EXERCISE DESCRIPTION →
All of the records below are to be copied exactly.
^^^^
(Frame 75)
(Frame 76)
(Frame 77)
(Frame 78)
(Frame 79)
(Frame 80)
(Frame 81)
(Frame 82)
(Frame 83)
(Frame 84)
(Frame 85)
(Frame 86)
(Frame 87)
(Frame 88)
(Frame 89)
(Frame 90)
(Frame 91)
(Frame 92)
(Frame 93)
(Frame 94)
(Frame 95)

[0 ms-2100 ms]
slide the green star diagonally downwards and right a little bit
^^^^
REPLY TO THE EXERCISE →
(Frame 75)
(Frame 76)
(Frame 77)
(Frame 78)
(Frame 79)
(Frame 80)
(Frame 81)
(Frame 82)
(Frame 83)
(Frame 84)
(Frame 85)
(Frame 86)
(Frame 87)
(Frame 88)
(Frame 89)
(Frame 90)
(Frame 91)
(Frame 92)
(Frame 93)
(Frame 94)
(Frame 95)

[0 ms-2100 ms]
slide the green star diagonally downwards and right a little bit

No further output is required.